Another plus is Sigma have done away with the dreadful tacky rubber coating finish on your 18-50 aswell!


----------



## fsquare (Dec 6, 2011)

Nikkor 17-55 f/2.8 F-S DX vs Sigma 18-50 f/2.8 DC Photo Gallery by Miljenko Devcic at pbase.com <--- exactly the info you are looking for

Secondly i would never buy a Sigma lens online. I would always test out a Sigma lens in person before buying.


----------



## Markw (Dec 6, 2011)

Nikon_Josh said:


> A bit of de ja vu here as I asked a similar question, I decided against the 17-50 range in the end and went for Nikon 35 1.8. But I still would like a Siggy 17-50 2.8 and still debate over whether a tammy 17-50 would serve me better than the 35. But a discussion for another day!  I've already got the 35/1.8 Nikkor and 50/1.8D Nikkor.
> 
> I have to say in my mind it would not be a difficult decision, the Sigma is ALOT cheaper, built nicely, alot lighter than the Nikon and has OS which is a huge bonus for night shooting on the hop. A 2.8 aperture and OS will be very very useful for low light situations when you are not tripod hugging!
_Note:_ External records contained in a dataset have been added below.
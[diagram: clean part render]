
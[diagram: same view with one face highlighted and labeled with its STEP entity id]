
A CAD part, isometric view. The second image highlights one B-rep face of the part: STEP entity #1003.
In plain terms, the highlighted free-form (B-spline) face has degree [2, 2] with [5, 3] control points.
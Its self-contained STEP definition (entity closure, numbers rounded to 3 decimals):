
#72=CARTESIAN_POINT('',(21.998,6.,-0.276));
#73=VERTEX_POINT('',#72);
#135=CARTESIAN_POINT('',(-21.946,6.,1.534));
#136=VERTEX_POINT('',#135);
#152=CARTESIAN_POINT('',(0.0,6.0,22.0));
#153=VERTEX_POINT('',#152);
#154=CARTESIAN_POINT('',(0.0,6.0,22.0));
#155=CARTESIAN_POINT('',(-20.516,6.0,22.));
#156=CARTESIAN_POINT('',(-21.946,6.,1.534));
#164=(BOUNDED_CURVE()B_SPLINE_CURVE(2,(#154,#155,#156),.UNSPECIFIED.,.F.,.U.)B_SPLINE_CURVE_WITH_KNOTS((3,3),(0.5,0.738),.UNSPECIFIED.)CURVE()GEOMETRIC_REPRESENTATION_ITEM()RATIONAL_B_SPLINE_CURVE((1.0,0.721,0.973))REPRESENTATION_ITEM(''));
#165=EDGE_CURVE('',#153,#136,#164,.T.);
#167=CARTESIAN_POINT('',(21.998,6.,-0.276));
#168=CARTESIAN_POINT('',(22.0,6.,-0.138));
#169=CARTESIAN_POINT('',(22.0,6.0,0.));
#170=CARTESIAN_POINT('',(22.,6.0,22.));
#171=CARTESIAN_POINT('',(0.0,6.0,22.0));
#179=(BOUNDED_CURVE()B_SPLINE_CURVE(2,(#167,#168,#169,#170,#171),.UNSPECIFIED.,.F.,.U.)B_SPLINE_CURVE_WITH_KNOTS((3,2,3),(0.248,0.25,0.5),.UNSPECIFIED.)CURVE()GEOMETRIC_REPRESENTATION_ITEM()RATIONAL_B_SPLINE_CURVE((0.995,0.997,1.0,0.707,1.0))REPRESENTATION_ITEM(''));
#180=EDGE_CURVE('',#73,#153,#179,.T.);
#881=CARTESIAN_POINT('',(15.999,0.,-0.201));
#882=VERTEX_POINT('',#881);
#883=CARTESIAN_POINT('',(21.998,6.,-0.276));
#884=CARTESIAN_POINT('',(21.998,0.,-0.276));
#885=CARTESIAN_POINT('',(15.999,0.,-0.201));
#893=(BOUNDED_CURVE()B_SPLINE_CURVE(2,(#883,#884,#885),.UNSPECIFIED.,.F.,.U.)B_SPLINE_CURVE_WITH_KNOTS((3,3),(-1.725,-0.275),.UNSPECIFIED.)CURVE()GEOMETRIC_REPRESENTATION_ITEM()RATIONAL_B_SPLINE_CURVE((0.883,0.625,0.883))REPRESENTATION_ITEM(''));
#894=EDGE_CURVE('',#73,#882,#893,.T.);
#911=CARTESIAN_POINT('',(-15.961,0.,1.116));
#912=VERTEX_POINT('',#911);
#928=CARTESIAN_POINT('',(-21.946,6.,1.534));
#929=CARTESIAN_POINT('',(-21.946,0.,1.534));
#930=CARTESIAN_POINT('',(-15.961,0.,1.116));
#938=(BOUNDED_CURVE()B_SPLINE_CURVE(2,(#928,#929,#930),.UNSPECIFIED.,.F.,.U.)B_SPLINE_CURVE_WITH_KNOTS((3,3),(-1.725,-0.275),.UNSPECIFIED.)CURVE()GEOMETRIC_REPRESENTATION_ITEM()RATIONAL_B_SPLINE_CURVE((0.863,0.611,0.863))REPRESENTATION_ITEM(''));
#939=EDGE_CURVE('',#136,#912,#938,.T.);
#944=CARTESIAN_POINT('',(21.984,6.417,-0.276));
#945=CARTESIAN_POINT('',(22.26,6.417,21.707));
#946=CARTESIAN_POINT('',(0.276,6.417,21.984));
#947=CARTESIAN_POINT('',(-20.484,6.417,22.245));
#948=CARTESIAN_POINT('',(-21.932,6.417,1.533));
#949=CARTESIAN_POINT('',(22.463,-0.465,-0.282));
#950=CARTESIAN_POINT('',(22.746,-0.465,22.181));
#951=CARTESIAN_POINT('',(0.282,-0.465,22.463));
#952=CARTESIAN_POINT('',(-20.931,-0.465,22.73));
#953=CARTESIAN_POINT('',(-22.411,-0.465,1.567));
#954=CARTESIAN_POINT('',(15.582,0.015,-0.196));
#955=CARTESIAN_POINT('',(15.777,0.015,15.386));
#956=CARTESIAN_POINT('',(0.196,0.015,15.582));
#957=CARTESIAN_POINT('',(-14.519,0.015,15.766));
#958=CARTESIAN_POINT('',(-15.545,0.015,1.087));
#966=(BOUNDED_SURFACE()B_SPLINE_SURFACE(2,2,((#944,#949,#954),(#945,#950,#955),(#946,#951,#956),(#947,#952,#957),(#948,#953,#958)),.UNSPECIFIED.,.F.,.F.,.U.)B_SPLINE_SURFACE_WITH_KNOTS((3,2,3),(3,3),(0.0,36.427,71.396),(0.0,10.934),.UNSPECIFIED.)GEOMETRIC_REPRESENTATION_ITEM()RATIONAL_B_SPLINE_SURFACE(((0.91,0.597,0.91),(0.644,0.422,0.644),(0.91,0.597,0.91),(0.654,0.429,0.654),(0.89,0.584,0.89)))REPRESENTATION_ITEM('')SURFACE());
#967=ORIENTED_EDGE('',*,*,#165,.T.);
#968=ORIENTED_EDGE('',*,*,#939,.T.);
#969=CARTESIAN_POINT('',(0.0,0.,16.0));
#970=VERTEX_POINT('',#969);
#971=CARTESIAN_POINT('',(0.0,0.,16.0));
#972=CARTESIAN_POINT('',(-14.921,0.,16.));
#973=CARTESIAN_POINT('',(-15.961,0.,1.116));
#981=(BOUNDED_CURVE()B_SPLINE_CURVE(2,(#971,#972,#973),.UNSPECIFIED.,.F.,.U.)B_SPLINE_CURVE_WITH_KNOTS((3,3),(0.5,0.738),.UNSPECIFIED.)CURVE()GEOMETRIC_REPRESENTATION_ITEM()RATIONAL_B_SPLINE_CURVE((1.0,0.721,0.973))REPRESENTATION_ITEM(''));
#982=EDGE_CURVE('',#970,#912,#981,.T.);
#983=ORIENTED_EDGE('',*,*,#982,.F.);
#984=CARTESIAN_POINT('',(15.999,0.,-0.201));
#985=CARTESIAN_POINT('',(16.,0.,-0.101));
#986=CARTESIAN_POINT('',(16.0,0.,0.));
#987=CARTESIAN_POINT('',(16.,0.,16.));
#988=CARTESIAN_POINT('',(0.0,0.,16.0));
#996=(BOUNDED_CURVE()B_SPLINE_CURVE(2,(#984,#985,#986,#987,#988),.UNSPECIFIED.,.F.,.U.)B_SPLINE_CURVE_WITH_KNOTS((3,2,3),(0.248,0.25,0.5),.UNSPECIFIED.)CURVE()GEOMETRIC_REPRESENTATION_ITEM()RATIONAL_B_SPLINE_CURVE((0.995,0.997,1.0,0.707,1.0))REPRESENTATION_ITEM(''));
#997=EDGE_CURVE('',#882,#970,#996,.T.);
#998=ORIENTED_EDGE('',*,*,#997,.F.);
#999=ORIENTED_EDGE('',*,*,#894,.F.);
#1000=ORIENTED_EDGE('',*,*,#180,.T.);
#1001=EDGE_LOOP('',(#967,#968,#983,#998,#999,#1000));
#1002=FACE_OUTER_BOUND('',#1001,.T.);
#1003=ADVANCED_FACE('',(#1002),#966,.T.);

Not to mention the glowing reviews it has got since its release date regarding the Image quality this lens produce, even the 'Nikon Snobs' rate the lens.
> 
> ...


 


fsquare said:


> Nikkor 17-55 f/2.8 F-S DX vs Sigma 18-50 f/2.8 DC Photo Gallery by Miljenko Devcic at pbase.com <--- exactly the info you are looking for Thank you!  I'll give it a look.
> 
> Secondly i would never buy a Sigma lens online I've purchased every Sigma I have ever owned online.  Not a big deal with a return policy. . I would always test out a Sigma lens in person before buying. That's generally with most lenses, though.



Thank you both!  Reply in Red.

Mark


----------



## MLeeK (Dec 6, 2011)

fsquare said:


> Nikkor 17-55 f/2.8 F-S DX vs Sigma 18-50 f/2.8 DC Photo Gallery by Miljenko Devcic at pbase.com <--- exactly the info you are looking for
> 
> Secondly i would never buy a Sigma lens online. I would always test out a Sigma lens in person before buying.


That is not the same sigma lens. That is the Sigma 18-50 f/2.8 which is discontinued. Sigma 18-50 mm F2.8 EX DC Macro lens: Digital Photography Review
I assume when OP said 17-50 that is what  he meant which is this lens: 17-50mm F2.8 EX DC OS HSM - Standard Zoom Lenses - SigmaPhoto.com


----------



## Markw (Dec 6, 2011)

I did mean the 17-50.  But, I have the 18-50/2.8 DC D.  The one in the comparison.  That's why the link was given..to show the comparison between the lens I have now and the one I'm thinking about getting. :thumbsup:

Mark


----------